這個收費標准雖然規定了收費的幅度,并沒有說明中介是向單方收費還是向雙方收費,所以在執行的過程中,國內房地產界也是爭議不斷。有的認為收費標准是指向買賣雙方的收費共計不能超過成交總額的2.5%;有的認為買賣雙方是不同的委托方,所以是對單方收費不超過2.5%。
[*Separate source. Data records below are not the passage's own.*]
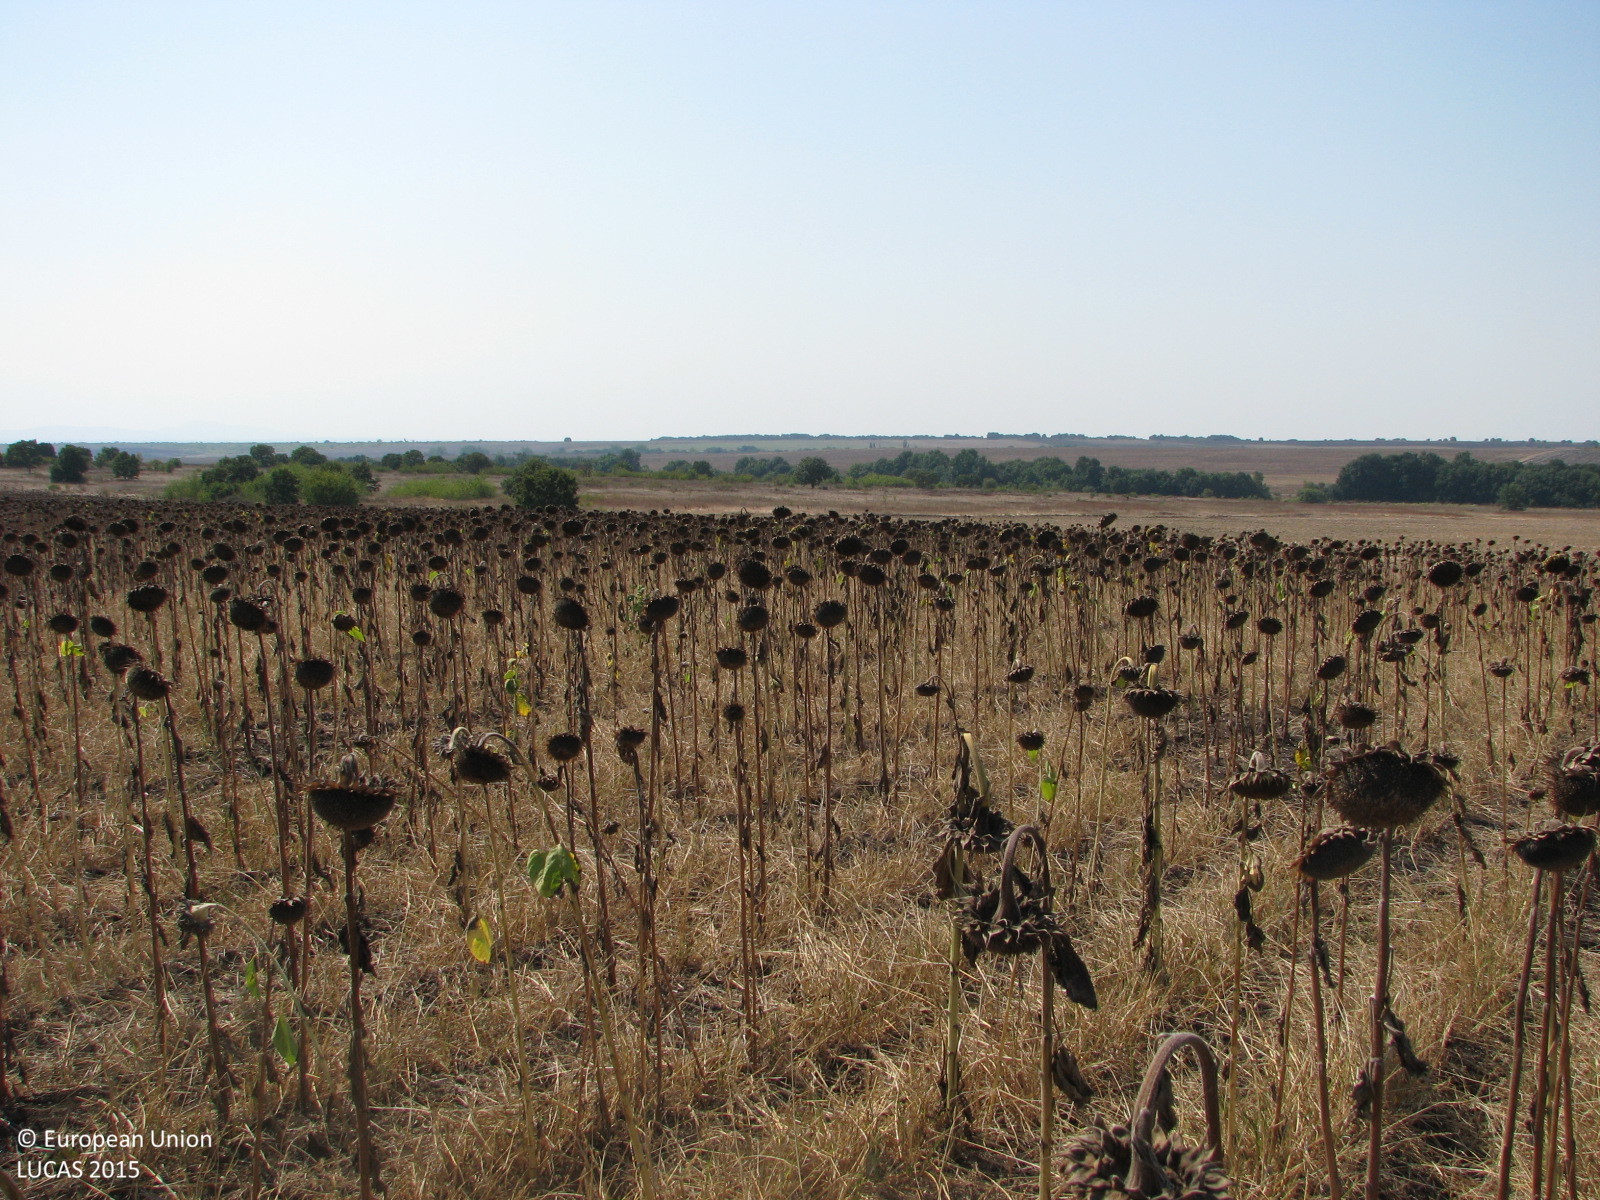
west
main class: Cropland
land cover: Sunflower
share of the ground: 50 - 75 %
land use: Agriculture (excluding fallow land and kitchen gardens)
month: September
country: BG
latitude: 42.3669
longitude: 26.7691
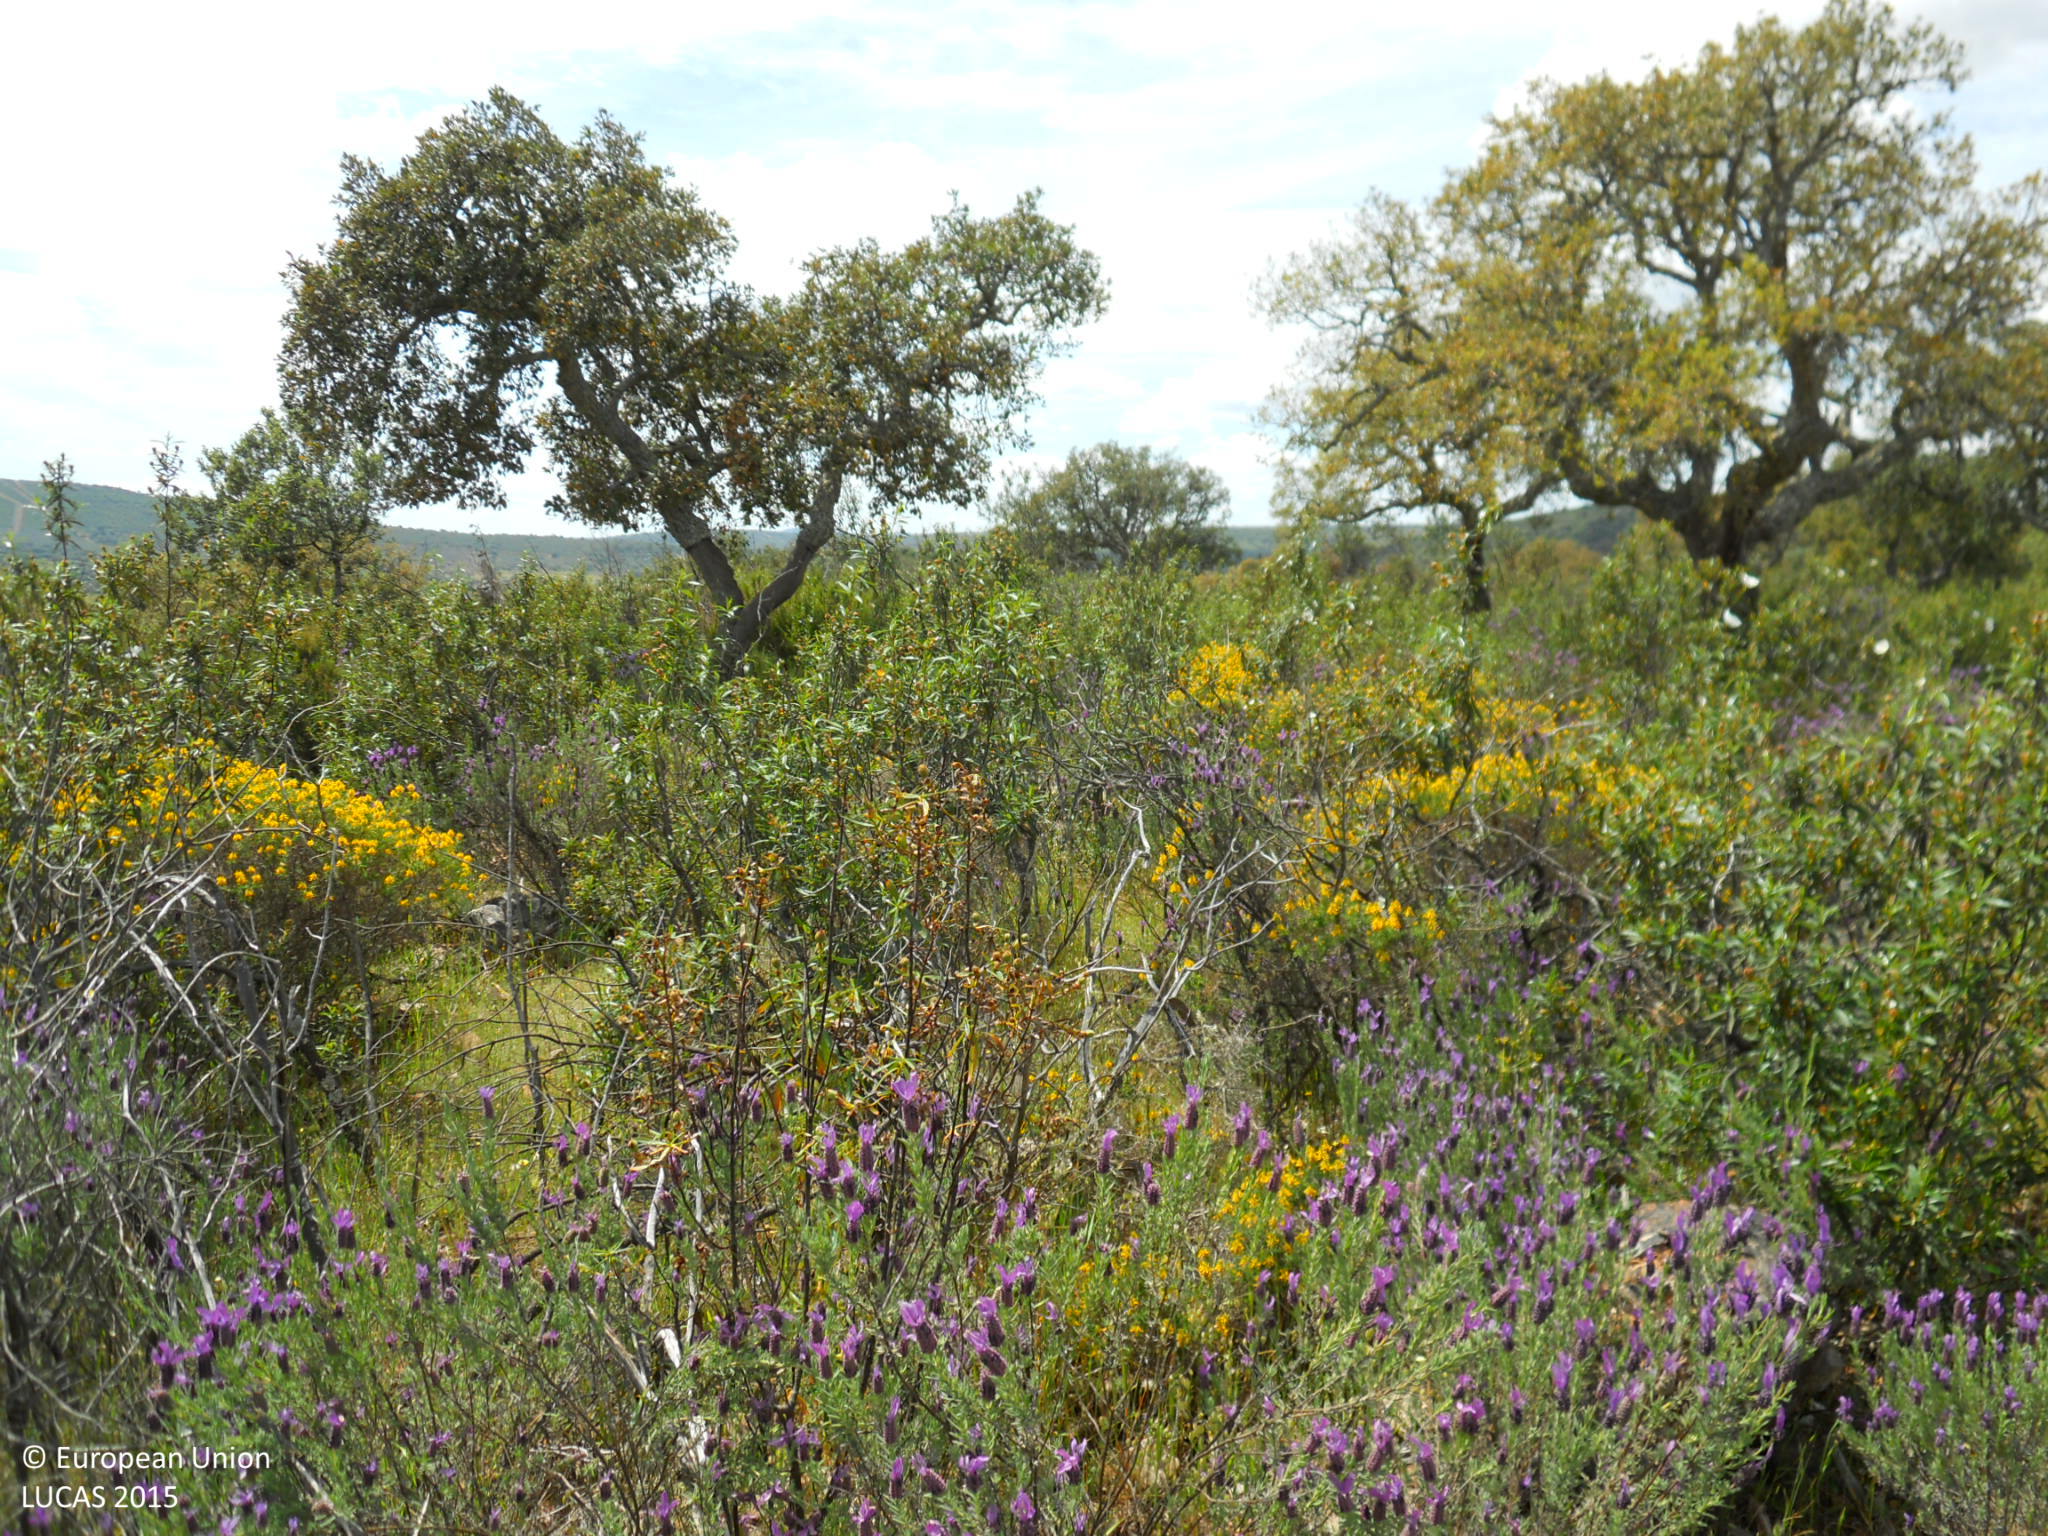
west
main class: Shrubland
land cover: Shrubland with sparse tree cover
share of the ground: > 75 %
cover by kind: shrubs 85 %, herbaceous plants 10 %, broadleaved forest trees 5 %
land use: Forestry
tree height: > 5 m
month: April
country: ES
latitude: 39.3115
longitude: -6.5491

但即便如此,如果單方面向一方收取5%的中介費,盡管所有中介經紀都認為是天經地義的收法,也是不合國家法規的。
好房供不應求中介收費企硬不議价
法規對“委托方”界定的不清晰,廣州中介行業多年也形成自己的“行規”:一般像中原、合富置業等大型中介行都向買方和賣方共同收取共5%的佣金,而中小型中介行相對較少,一般合共為3%-4%。但也有中介經紀對記者透露,其實業主和買家可對中介費“侃价”,加上近兩年中介行業競爭激烈,一些中介行不愿開高价外,還會視乎買家的購買欲望自動降价。
由于去年開始國家政策要對購買不足兩年的房子上市征收高稅費,廣州二手樓市便流行起“實收价”的放盤方式(買家承擔一切本來該由業主交付的稅費);而且今年新政更對不足5年的房子設限,廣州二手房源更緊張,“實收价”式的買賣越來越多。
可見,廣州二手樓市(尤其市區)嚴重供不應求,讓放盤的業主一方處于主導地位,他們不愿給中介費,中介行便也將中介費轉嫁給買家。因此愿意交納高額中介費的買家有兩种:要不是像以下案例中提到的金先生般在毫不知情之下就被迫交納了;就是實在太難找到合适房子,無奈交納高額費用。
專家說法
廣州市房地產中介服務管理所書記史小明認為,二手市場純屬交易行為在主導,主要看買賣雙方的供求關系。如今廣州二手市場的确存在供不應求,因此買賣雙方在出价和應价方面更應理性,因為二手价格都是公開的,買家應該對价格和購房成本(包括稅費和中介費等)有一個合理預測,在自己的承受范圍以內才去購買。
一些中介人士也提醒市民,由于目前廣州對中介服務收費還缺乏有效的監督机制,管理規范的公開性也不足,因此市民在買樓時更要認真考慮,在議价無效后才量力決定是否購買。
真實個案
房价27万 中介費高達13500元
對比馬先生的無奈,金先生為自己的輕信付出了代价。
金先生打算今年結婚便急著到處找房子,他在華景新城找了套9樓的兩房單位,成交价27万元。金先生對記者說,除了樓層高以外,他真是挺喜歡這個房子的,价格公道,裝修、家電齊備,我和老婆帶著行李就可以住進去,所以沒多想就和中介簽了初步協議書。
“我在簽正式合同、交首期前才知道要交5%的佣金,高達一万三千多元,講价講不下來,但已經簽了協議書,如果不買就要被中介告到法院索取中介費,所以最后我還是買了這個房,付了13500元的昂貴中介費。”直到如今,金先生還對自己被迫多交中介費的事情十分气憤。